A team of researchers from the University of California Berkeley and the Lawrence Berkeley National Laboratory has developed a low-cost technique to direct nanoparticles to self-assemble themselves into device-ready materials.
The research team led by Ting Xu fabricated numerous thin film layers by blending block co-polymer supramolecules with gold nanoparticles. These thin films find use in light management, catalysis, remote sensing, energy storage, energy harvesting, memory storage, and in the up-and-coming plasmonics field.

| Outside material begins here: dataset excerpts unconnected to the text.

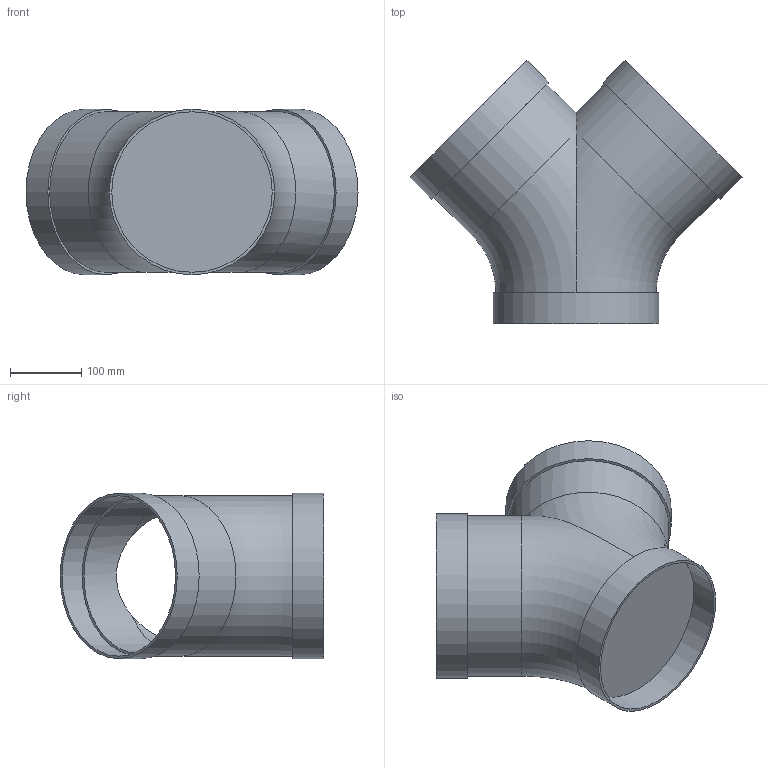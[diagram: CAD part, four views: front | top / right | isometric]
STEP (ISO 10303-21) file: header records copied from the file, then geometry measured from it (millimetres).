
FILE_DESCRIPTION( ( 'STEP AP214' ), '1' );
FILE_NAME( '3000668H.stp', '2022-01-27T11:30:14', ( 'License CC BY-ND 4.0' ), ( 'CADENAS' ), ' ', 'PARTsolutions', ' ' );
FILE_SCHEMA( ( 'AUTOMOTIVE_DESIGN { 1 0 10303 214 1 1 1 1 }' ) );
Length unit declared in the file: millimetre
Products named in the file (2): 3000668H; _3000668H-p
Assembly tree (1 placements, depth 2):
  3000668H
    _3000668H-p
Bounding box: 465.56 x 369.48 x 232 mm (x, y, z)
Volume: 1223126.1 mm3; surface area: 704049.9 mm2
Topology: 1 solids, 1 shells, 24 faces, 46 edges, 30 vertices
Faces by surface type: plane 10, cylinder 10, torus 4
Full cylindrical faces by diameter (mm): 218 x2, 225 x5, 232 x3
Entity records: 884 total; most frequent: CARTESIAN_POINT 222, DIRECTION 104, ORIENTED_EDGE 60, AXIS2_PLACEMENT_3D 52, EDGE_LOOP 42, FACE_OUTER_BOUND 34, EDGE_CURVE 30, STYLED_ITEM 24

Xu informed that this supramolecular method produces thin films by manipulating the 3-D spatial arrangement of nanoparticles with single particle accuracy over macroscopic distances. This novel technique can facilitate larger thin film fabrication and can be utilized on other material nanoparticles in addition to gold. This thin film fabrication technique is a powerful platform to explore nanoparticle structure-property correlations and enables the team to produce material structures suitable for scalable nanomanufacturing and device fabrication.
Block co-polymer supramolecules create different morphologies featuring microdomains by self-assembling themselves. These microdomains act as a suitable structural framework to enable co-self-assembling of nanoparticles thanks to their size of fewer nanometers. The nanocomposite films produced by this technique have a thickness range of 100-200 nm. Microdomains featured in these nanocomposite films are either in cylindrical or lamellar morphology.

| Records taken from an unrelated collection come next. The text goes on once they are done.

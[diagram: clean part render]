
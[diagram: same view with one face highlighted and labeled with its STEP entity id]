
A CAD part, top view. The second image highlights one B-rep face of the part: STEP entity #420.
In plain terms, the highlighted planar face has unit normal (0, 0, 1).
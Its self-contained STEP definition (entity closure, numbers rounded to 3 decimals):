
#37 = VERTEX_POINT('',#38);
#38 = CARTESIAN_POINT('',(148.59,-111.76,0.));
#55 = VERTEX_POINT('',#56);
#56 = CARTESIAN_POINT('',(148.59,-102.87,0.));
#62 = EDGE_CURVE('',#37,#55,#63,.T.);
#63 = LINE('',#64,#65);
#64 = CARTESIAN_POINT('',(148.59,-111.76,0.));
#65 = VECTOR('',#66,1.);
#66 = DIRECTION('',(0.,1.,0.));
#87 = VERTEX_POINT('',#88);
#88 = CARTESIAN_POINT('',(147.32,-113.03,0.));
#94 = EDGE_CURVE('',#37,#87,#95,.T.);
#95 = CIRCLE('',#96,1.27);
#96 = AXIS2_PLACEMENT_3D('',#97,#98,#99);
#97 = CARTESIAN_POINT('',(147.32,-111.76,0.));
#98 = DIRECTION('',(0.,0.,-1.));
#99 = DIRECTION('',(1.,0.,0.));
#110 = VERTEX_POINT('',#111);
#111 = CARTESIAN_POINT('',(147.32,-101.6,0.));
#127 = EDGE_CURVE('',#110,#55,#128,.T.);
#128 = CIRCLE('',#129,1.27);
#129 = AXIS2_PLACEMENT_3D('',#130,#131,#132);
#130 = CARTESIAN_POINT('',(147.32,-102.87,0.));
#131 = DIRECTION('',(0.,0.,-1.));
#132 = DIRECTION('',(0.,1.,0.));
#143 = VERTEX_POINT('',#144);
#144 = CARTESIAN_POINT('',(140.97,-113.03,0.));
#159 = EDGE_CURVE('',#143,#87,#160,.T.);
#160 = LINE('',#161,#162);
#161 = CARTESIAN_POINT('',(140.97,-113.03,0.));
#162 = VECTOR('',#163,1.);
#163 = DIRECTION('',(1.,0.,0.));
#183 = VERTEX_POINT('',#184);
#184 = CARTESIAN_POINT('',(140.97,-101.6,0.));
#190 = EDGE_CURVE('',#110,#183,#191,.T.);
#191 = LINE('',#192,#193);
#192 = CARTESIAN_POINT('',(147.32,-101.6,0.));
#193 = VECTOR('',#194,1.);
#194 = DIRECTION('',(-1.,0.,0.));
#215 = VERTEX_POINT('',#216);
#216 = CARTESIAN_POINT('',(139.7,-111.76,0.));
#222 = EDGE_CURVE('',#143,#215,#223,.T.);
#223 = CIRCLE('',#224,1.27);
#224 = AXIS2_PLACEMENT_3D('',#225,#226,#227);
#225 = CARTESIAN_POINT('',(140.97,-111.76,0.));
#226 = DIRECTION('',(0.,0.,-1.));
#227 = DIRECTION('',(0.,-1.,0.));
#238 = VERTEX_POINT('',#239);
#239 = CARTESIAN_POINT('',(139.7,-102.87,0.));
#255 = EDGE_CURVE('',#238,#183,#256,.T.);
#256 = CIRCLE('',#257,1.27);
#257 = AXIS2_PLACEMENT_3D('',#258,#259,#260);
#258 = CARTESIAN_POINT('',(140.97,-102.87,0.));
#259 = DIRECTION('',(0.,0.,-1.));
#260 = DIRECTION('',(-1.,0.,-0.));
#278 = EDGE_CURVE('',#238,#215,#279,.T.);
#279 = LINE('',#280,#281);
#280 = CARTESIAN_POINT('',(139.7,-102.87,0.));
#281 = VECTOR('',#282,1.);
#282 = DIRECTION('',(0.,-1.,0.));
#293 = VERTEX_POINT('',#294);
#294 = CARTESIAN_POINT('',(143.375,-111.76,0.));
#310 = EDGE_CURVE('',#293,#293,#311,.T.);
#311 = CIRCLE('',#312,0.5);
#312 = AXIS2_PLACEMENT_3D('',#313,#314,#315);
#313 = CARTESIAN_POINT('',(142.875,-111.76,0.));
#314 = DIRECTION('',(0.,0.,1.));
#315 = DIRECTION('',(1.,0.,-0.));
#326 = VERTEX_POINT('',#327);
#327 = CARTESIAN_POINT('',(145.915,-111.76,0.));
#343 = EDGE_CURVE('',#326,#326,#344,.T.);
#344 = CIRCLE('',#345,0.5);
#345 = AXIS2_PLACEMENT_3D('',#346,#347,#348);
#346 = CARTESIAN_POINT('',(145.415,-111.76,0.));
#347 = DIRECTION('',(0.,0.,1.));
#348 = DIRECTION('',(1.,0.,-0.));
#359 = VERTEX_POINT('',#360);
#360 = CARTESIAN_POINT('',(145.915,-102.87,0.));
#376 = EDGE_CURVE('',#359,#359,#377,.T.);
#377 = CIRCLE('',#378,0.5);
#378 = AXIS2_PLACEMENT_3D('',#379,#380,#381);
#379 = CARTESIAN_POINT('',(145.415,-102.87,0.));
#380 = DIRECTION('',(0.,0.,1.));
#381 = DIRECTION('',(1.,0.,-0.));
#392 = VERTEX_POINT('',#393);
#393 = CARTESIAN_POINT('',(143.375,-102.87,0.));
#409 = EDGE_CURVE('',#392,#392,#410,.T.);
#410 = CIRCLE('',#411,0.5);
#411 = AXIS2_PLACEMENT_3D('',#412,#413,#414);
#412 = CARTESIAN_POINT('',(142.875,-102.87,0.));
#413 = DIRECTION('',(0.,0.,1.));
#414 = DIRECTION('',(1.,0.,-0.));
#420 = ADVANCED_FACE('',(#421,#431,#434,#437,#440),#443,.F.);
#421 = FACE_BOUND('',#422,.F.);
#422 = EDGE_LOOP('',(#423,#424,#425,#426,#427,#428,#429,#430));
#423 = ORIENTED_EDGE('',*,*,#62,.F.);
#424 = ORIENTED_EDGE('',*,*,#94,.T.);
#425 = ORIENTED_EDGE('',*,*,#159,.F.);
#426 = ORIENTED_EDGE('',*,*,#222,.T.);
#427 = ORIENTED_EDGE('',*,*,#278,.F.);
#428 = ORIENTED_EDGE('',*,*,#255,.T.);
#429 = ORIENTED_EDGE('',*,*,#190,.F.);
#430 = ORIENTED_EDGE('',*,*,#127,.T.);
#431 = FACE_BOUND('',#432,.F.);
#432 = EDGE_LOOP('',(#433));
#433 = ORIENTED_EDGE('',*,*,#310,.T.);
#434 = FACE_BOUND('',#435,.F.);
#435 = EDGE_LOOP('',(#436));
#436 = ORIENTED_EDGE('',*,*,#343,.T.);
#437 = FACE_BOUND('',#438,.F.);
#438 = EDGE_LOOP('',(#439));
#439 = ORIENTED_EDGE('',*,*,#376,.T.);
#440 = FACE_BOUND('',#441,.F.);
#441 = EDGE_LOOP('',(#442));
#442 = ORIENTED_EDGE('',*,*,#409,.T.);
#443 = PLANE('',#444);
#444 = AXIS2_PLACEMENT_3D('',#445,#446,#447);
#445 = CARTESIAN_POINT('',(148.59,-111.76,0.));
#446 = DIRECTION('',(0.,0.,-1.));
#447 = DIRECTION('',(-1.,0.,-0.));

The nanocomposite films featuring lamellar microdomains have hexagonally-packed 2-D sheets stacked parallel to the surface, while films featuring cylindrical microdomains have 1-D chains packed as irregular hexagonal lattices with orientation parallel to the surface.

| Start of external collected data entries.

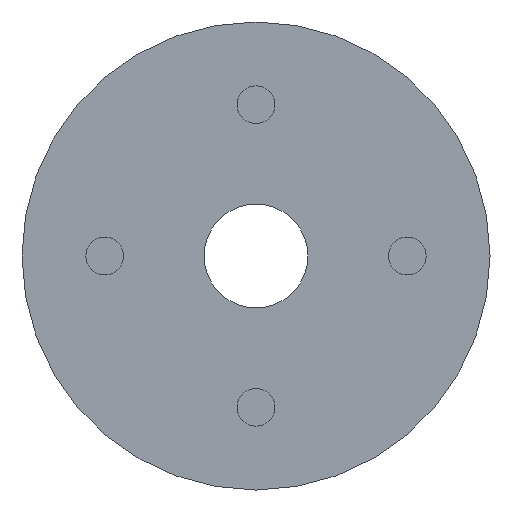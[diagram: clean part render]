
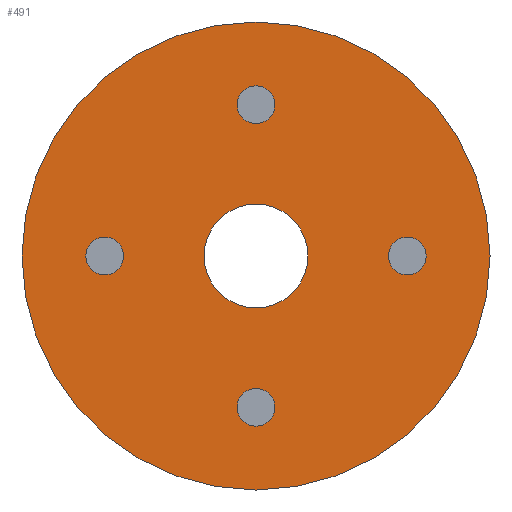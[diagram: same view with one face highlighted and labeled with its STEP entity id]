
A CAD part, front view. The second image highlights one B-rep face of the part: STEP entity #491.
In plain terms, the highlighted planar face has unit normal (0, -1, 0).
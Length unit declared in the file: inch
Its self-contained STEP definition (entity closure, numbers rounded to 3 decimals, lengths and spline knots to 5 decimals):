
#24=CARTESIAN_POINT('',(-1.16,0.,0.75));
#25=VERTEX_POINT('',#24);
#26=CARTESIAN_POINT('',(0.,0.,0.75));
#27=DIRECTION('',(0.,-1.,0.));
#28=DIRECTION('',(1.,0.,0.));
#29=AXIS2_PLACEMENT_3D('',#26,#27,#28);
#30=CIRCLE('',#29,1.16);
#31=EDGE_CURVE('',#25,#25,#30,.T.);
#343=CARTESIAN_POINT('',(0.2575,0.,0.75));
#344=VERTEX_POINT('',#343);
#345=CARTESIAN_POINT('',(0.,0.,0.75));
#346=DIRECTION('',(0.,-1.,0.));
#347=DIRECTION('',(1.,0.,0.));
#348=AXIS2_PLACEMENT_3D('',#345,#346,#347);
#349=CIRCLE('',#348,0.2575);
#350=EDGE_CURVE('',#344,#344,#349,.T.);
#368=CARTESIAN_POINT('',(0.,0.,1.5935));
#369=VERTEX_POINT('',#368);
#370=CARTESIAN_POINT('',(0.,0.,1.5));
#371=DIRECTION('',(0.,-1.,0.));
#372=DIRECTION('',(0.,0.,1.));
#373=AXIS2_PLACEMENT_3D('',#370,#371,#372);
#374=CIRCLE('',#373,0.0935);
#375=EDGE_CURVE('',#369,#369,#374,.T.);
#393=CARTESIAN_POINT('',(0.8435,0.,0.75));
#394=VERTEX_POINT('',#393);
#395=CARTESIAN_POINT('',(0.75,0.,0.75));
#396=DIRECTION('',(0.,-1.,0.));
#397=DIRECTION('',(1.,0.,0.));
#398=AXIS2_PLACEMENT_3D('',#395,#396,#397);
#399=CIRCLE('',#398,0.0935);
#400=EDGE_CURVE('',#394,#394,#399,.T.);
#418=CARTESIAN_POINT('',(0.,0.,-0.0935));
#419=VERTEX_POINT('',#418);
#420=CARTESIAN_POINT('',(0.,0.,0.));
#421=DIRECTION('',(0.,-1.,0.));
#422=DIRECTION('',(0.,0.,-1.));
#423=AXIS2_PLACEMENT_3D('',#420,#421,#422);
#424=CIRCLE('',#423,0.0935);
#425=EDGE_CURVE('',#419,#419,#424,.T.);
#443=CARTESIAN_POINT('',(-0.8435,0.,0.75));
#444=VERTEX_POINT('',#443);
#445=CARTESIAN_POINT('',(-0.75,0.,0.75));
#446=DIRECTION('',(0.,-1.,0.));
#447=DIRECTION('',(-1.,0.,0.));
#448=AXIS2_PLACEMENT_3D('',#445,#446,#447);
#449=CIRCLE('',#448,0.0935);
#450=EDGE_CURVE('',#444,#444,#449,.T.);
#468=ORIENTED_EDGE('',*,*,#31,.T.);
#469=EDGE_LOOP('',(#468));
#470=FACE_OUTER_BOUND('',#469,.T.);
#471=ORIENTED_EDGE('',*,*,#450,.F.);
#472=EDGE_LOOP('',(#471));
#473=FACE_BOUND('',#472,.T.);
#474=ORIENTED_EDGE('',*,*,#425,.F.);
#475=EDGE_LOOP('',(#474));
#476=FACE_BOUND('',#475,.T.);
#477=ORIENTED_EDGE('',*,*,#400,.F.);
#478=EDGE_LOOP('',(#477));
#479=FACE_BOUND('',#478,.T.);
#480=ORIENTED_EDGE('',*,*,#375,.F.);
#481=EDGE_LOOP('',(#480));
#482=FACE_BOUND('',#481,.T.);
#483=ORIENTED_EDGE('',*,*,#350,.F.);
#484=EDGE_LOOP('',(#483));
#485=FACE_BOUND('',#484,.T.);
#486=CARTESIAN_POINT('',(-0.83642,0.,0.71431));
#487=DIRECTION('',(0.,-1.,0.));
#488=DIRECTION('',(-1.,0.,0.));
#489=AXIS2_PLACEMENT_3D('',#486,#487,#488);
#490=PLANE('',#489);
#491=ADVANCED_FACE('',(#470,#473,#476,#479,#482,#485),#490,.T.);

Xu stated that the study results show that the novel technique can produce highly-ordered nanoparticle lattices inside the microdomains of block co-polymers and 3-D hierarchical nanoparticle assemblies with accurate structural control.
The distance between two gold nanoparticles within the 1-D chains and the 2-D sheets was only 8-10 nm, making them suitable for plasmonic applications. The gold thin films produced by the method demonstrate powerful plasmonic coupling across the inter-particle spacing within the 1-D chains and 2-D sheets. The supramolecular approach can also be utilized to develop plasmonic metamaterials.